The answer must consist solely of the lines below starting at the one containing "Website: home-depot" and ending at the one containing "value: Kentucky", repeated exactly, with both ends included and all pictures omitted.

┌─ Given records

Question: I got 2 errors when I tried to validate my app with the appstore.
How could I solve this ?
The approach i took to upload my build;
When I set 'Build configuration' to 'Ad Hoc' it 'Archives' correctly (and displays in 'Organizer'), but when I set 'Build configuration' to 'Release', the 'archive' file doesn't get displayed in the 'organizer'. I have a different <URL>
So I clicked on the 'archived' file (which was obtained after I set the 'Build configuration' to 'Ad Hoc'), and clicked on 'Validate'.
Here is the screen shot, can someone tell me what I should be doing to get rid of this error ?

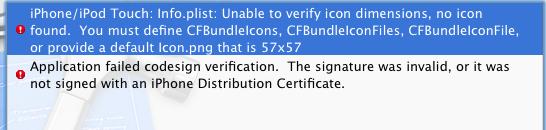
Answer: Make sure your app icon is added to your project bundle and Also it is exactly '57 x 57 pixels' PNG image.
Make sure you have set the 'Distribution Certificate' and not 'Development Certificate' in both 'Project' and 'Target Settings'.
You need to cross check it.
Also please cross check whether you are archiving the correct scheme, which you are setting the 'Distribution Certificate' for.
I have found louie's answer from the link <URL> which was helpful to me once with same private key issue:
Here is what answer is:
> I had the same problem: I first downloaded my certificates to my small
MacBook while on the run. When trying to install the certificates on
my iMac... then I ran into the problems described on this page.After spending hours pulling my hair out like many of you, I performed
the following steps to fix it:Close all your stuff except your webpage that should be logged into
App Dev center.Open Xcode. Click WINDOW > ORGANIZER > select "Provisioning Profiles"
on the left. That should bring up your provisioning profiles.
Highlight one by one (if more than 1), right click and delete profile.
Yes, just do it! Delete them all! (I kept making a new one after a new
one trying to make the thing work.)From the first page you see after logging into the App Dev Center on
the right side click "iOS PROVISIONING PORTAL" > (do not "launch
assistant"). Instead click on the left side. Select CERTIFICATES. You
will probably have just one line listed with your name/company - from
there click on the right side REVOKE. Click OK to verify that's what
you want to do.On the same page click DEVICES. Click the box next to your device you
are trying to provision and click REMOVE SELECTED. Again click OK to
verify.Wait about 2 minutes to let Apple do their thing.Now click on "HOME" that is on the left side navigation.Click "Launch Assistant"create a new app ID - call it whatever you want. Just make sure it's
unique enough to know that's the one you just created because the
others you've been messing with all day will not be deleted from
Apples Dev Center.You should be able to follow the rest of the Assistant without
troubles -- the main thing is you just had to delete your old
provision profiles and start over.
Hope this helps you.
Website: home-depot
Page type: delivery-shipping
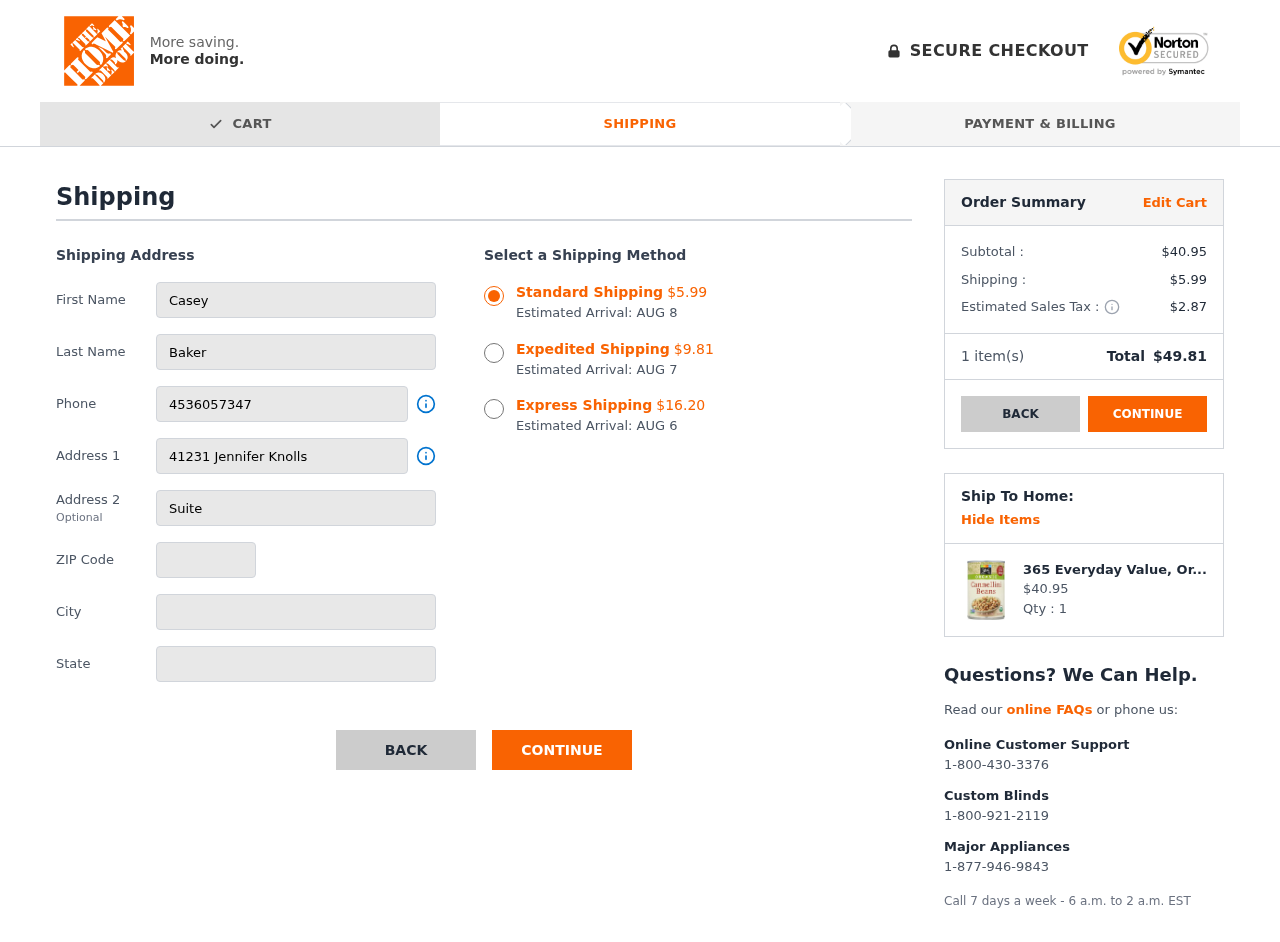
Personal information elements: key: PII_CITY
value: Murraytown
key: PII_FIRSTNAME
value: Casey
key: PII_LASTNAME
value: Baker
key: PII_PHONE
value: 4536057347
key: PII_POSTCODE
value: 99848
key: PII_STATE
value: Kentucky
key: PII_STREET
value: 41231 Jennifer Knolls
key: PII_STREET2
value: Suite 601
Product elements: key: PRODUCT1_NAME
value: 365 Everyday Value, Organic Cannellini Beans, 15 oz
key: PRODUCT1_PRICE
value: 40.95
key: PRODUCT1_QUANTITY
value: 1
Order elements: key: ORDER_SHIPPING_COST_STANDARD
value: $5.99
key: ORDER_DELIVERY_DATE
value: AUG 8
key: ORDER_SHIPPING_COST_EXPEDITED
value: $9.81
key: ORDER_DELIVERY_DATE_EXPEDITED
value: AUG 7
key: ORDER_SHIPPING_COST_EXPRESS
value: $16.20
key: ORDER_DELIVERY_DATE_EXPRESS
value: AUG 6
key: ORDER_SUBTOTAL
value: $40.95
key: ORDER_SHIPPING_COST
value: $5.99
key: ORDER_TAX
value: $2.87
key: ORDER_NUM_ITEMS
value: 1
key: ORDER_TOTAL
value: $49.81
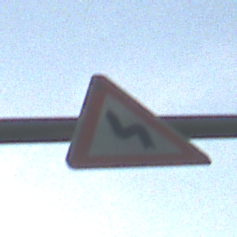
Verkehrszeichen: DoppelkurveZunaechstLinks
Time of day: MorningAfternoon
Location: Outdoor (Suburban)
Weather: PartlyCloudy
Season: NotSpecified
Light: Natural
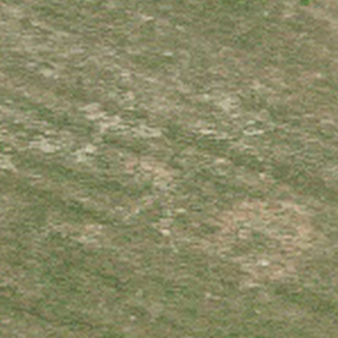
Label: other
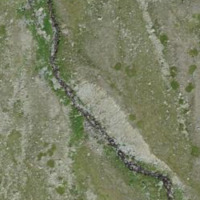
EUNIS habitat code: 26
Species observed at this site:
Vaccinium vitis-idaea
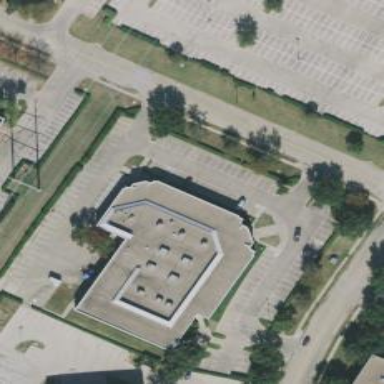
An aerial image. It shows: Commercial building.
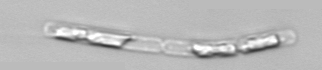
Label: Guinardia_striata
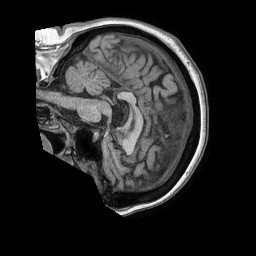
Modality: T1w
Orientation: sagittal
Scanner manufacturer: philips
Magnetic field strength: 1.5 T
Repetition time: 0.007638 s
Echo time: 0.003479 s
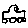
Label: car
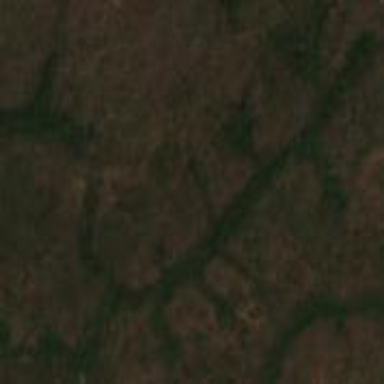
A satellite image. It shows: Forest area.
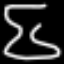
Label: hourglass
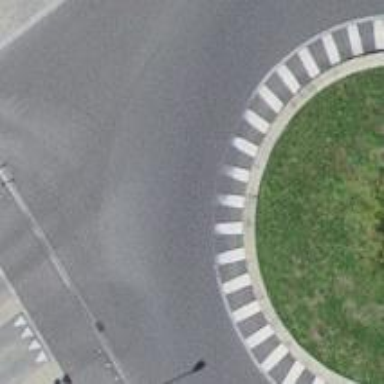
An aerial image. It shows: Secondary road with asphalt surface leading to roundabout.
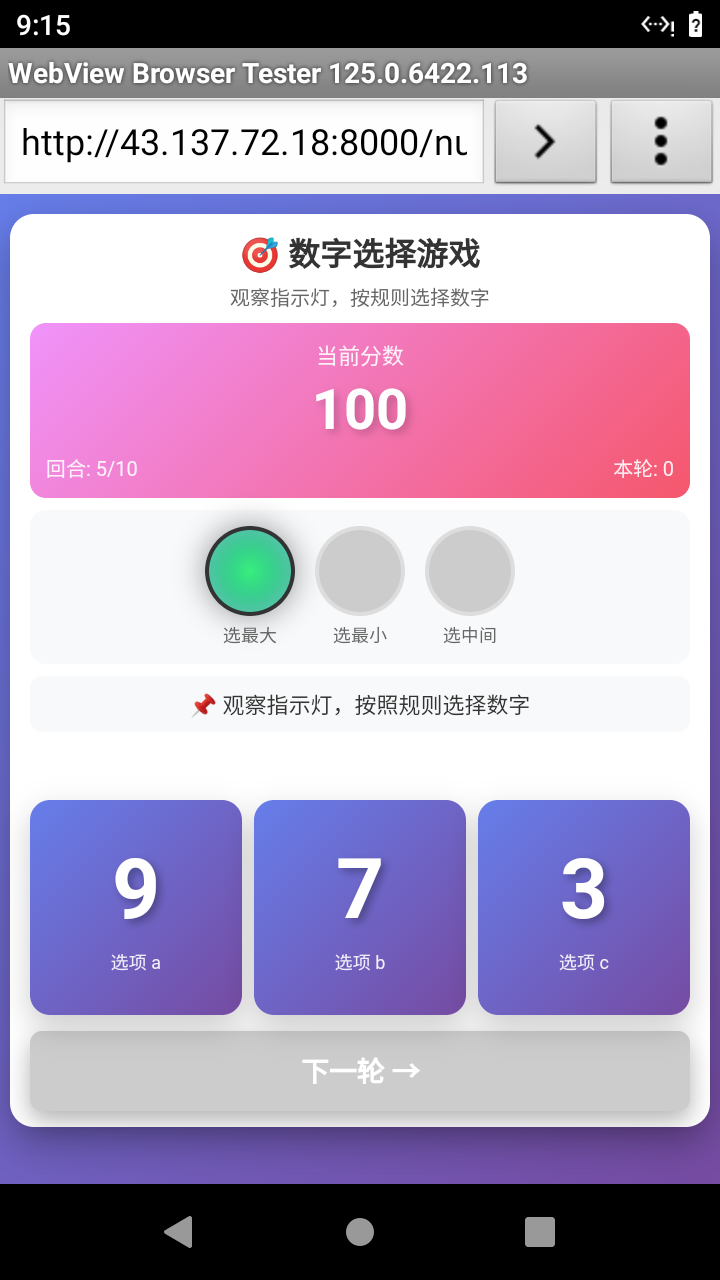

Select the correct number based on the traffic light color.
Answer: 0
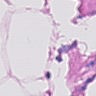
Metastatic tissue present: no
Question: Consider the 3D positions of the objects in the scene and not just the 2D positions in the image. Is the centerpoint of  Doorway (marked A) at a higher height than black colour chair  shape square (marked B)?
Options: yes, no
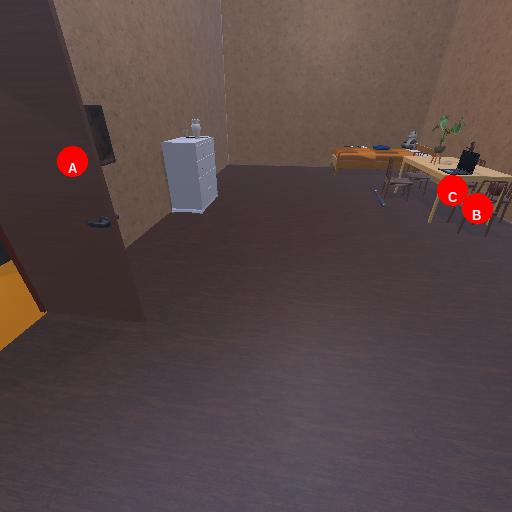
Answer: yes
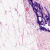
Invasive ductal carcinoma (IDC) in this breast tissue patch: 0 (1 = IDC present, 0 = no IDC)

└─

* Finished task
Website: home-depot
Page type: delivery-shipping
Personal information elements: key: PII_CITY
value: Murraytown
key: PII_FIRSTNAME
value: Casey
key: PII_LASTNAME
value: Baker
key: PII_PHONE
value: 4536057347
key: PII_POSTCODE
value: 99848
key: PII_STATE
value: Kentucky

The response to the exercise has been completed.